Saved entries
•••

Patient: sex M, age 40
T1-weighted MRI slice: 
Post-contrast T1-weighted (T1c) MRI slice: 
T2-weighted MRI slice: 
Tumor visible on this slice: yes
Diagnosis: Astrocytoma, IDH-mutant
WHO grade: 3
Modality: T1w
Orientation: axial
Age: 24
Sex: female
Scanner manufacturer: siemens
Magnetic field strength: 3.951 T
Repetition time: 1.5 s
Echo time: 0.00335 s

•••

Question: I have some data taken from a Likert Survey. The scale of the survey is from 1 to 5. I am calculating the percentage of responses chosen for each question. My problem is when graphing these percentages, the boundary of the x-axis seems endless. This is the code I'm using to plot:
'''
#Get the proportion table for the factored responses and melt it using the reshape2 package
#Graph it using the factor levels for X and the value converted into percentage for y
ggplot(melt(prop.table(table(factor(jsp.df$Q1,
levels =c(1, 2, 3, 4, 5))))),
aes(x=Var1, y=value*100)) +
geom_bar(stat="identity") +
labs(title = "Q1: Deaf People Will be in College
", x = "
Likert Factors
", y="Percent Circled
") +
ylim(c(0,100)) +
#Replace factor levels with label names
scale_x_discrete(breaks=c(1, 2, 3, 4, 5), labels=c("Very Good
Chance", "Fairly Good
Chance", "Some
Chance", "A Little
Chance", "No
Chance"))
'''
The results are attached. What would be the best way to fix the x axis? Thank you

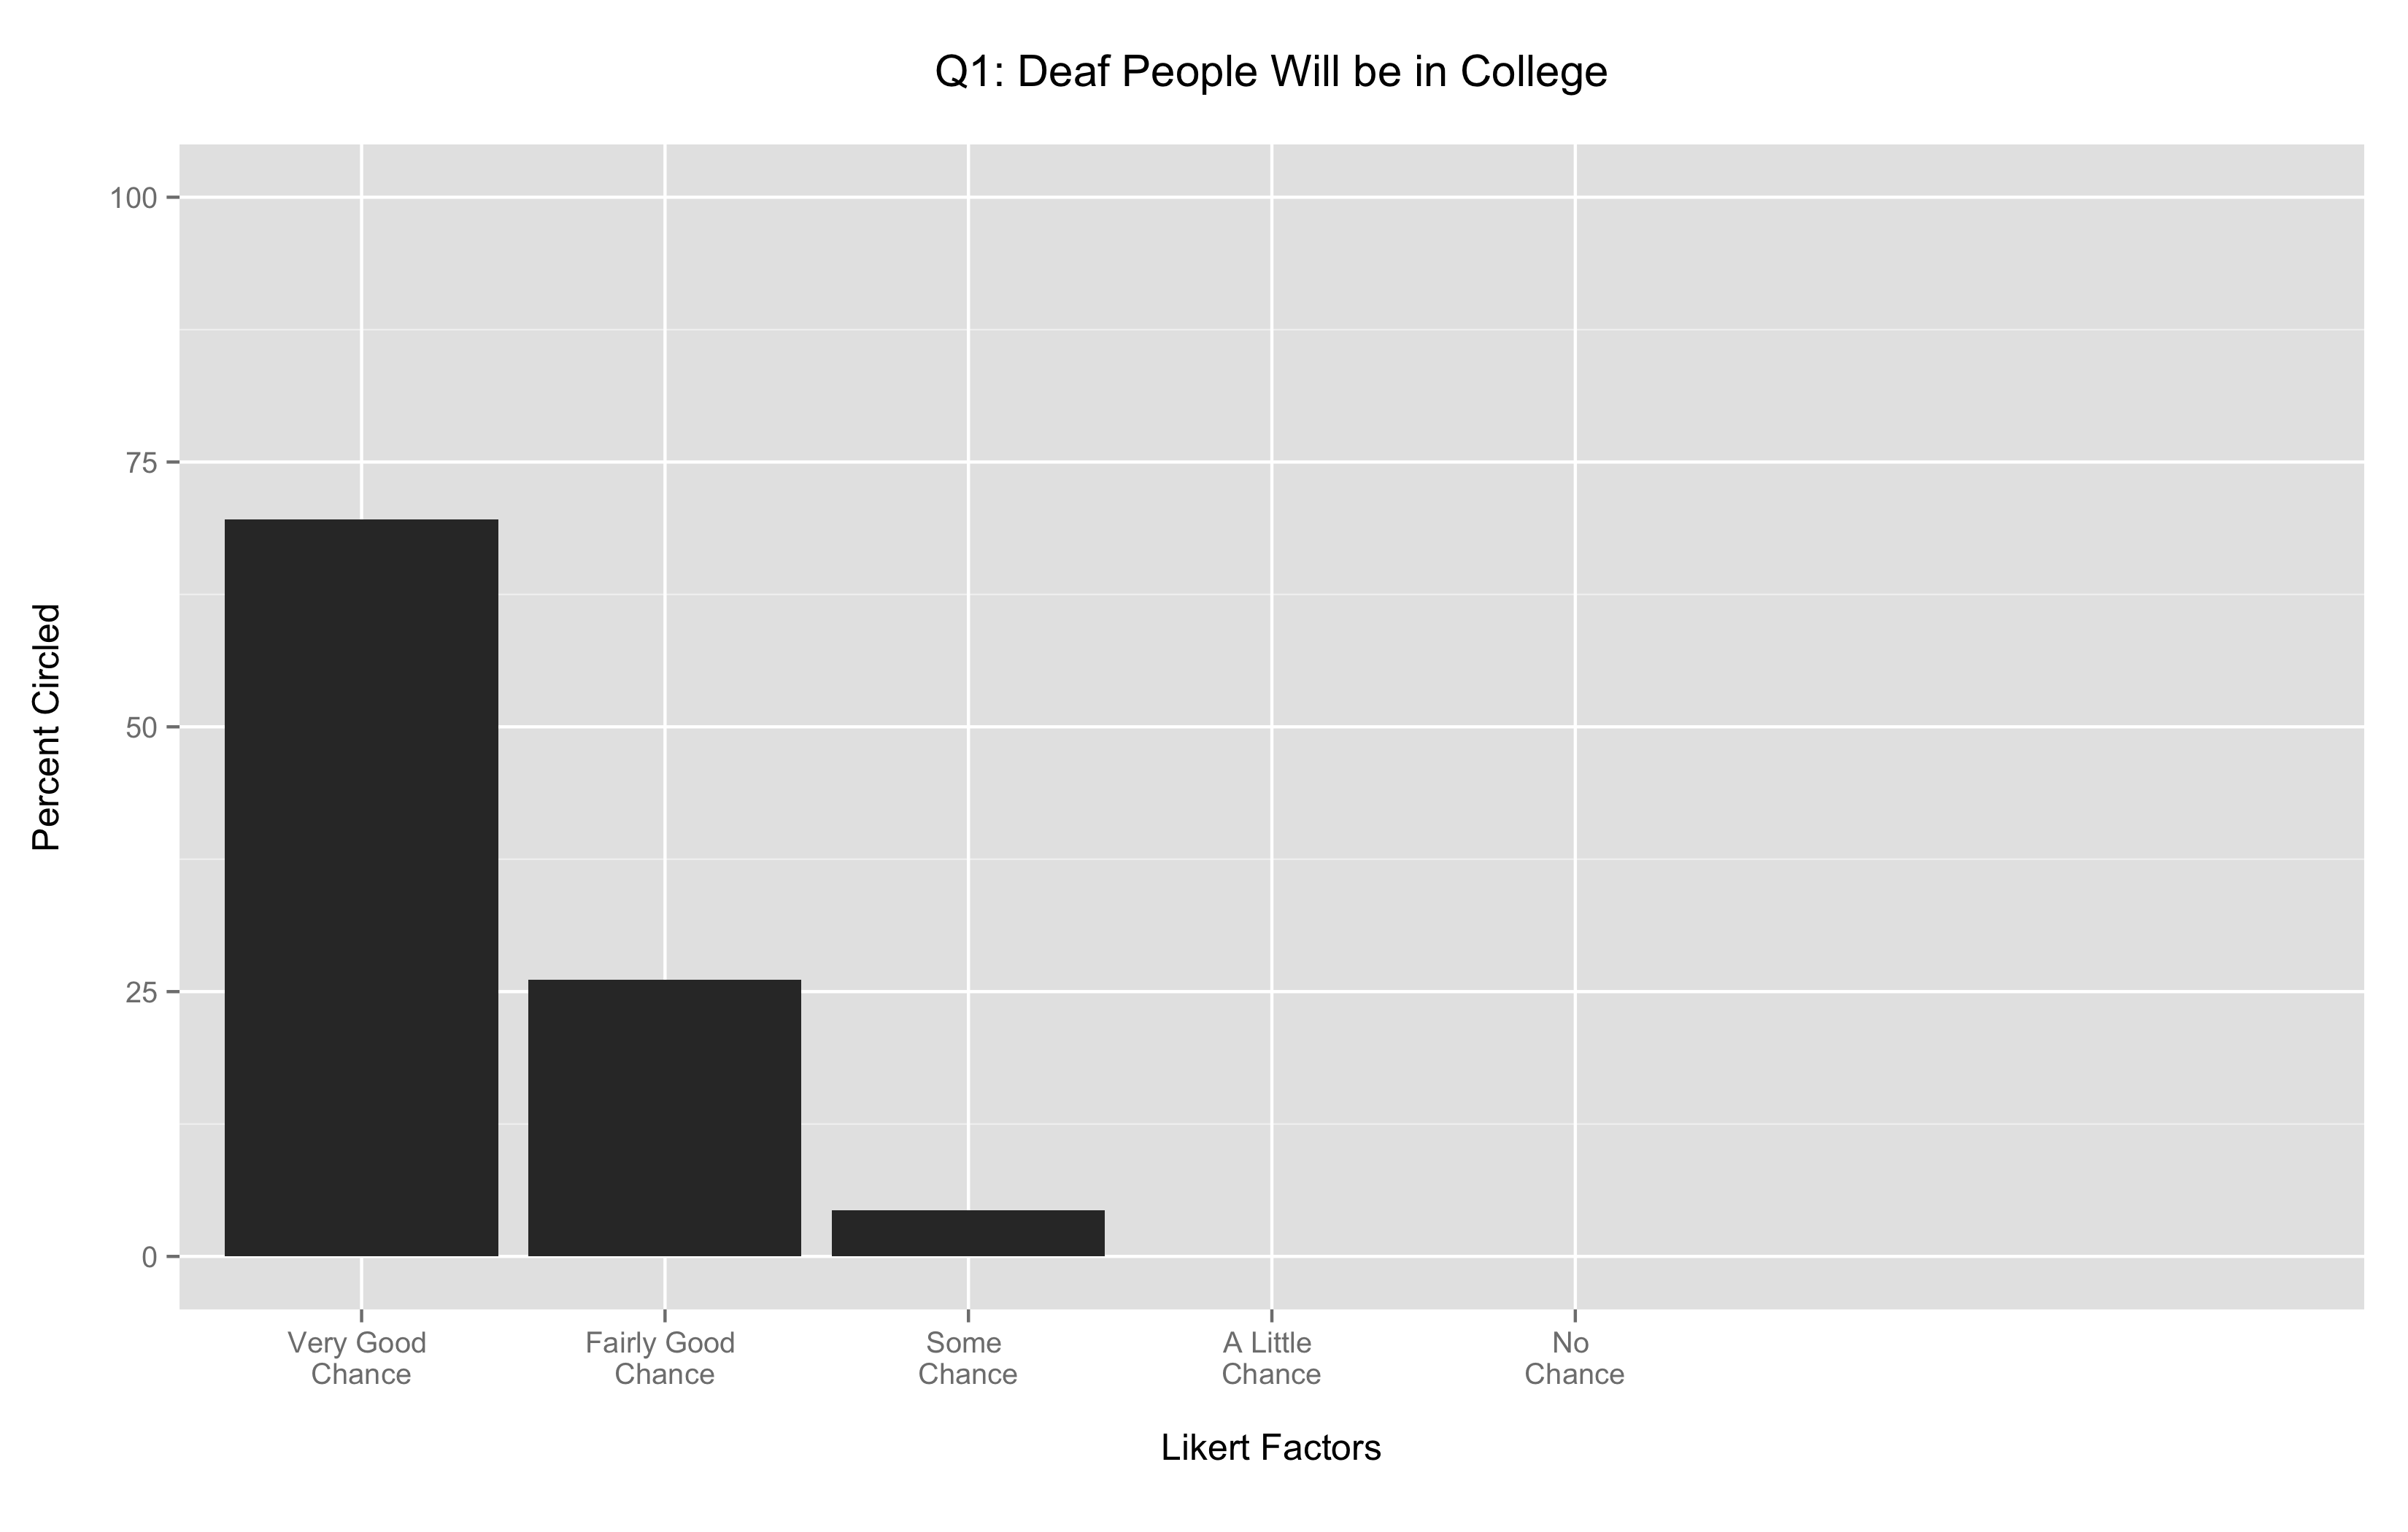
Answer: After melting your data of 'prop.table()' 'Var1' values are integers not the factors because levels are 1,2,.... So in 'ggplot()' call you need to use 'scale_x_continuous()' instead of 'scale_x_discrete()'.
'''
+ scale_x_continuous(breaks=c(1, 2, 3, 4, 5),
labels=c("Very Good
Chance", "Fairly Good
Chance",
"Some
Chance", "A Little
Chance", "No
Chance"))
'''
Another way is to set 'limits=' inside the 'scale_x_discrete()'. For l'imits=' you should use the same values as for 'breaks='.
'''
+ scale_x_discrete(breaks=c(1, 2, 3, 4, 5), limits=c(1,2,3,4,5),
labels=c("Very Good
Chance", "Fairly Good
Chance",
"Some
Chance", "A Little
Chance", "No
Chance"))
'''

•••

For this task, write out exactly the lines of the entries above, starting at the line with "Sex: female" and ending at the line with "Echo time: 0.00335 s", both included, and no others.

Sex: female
Scanner manufacturer: siemens
Magnetic field strength: 3.951 T
Repetition time: 1.5 s
Echo time: 0.00335 s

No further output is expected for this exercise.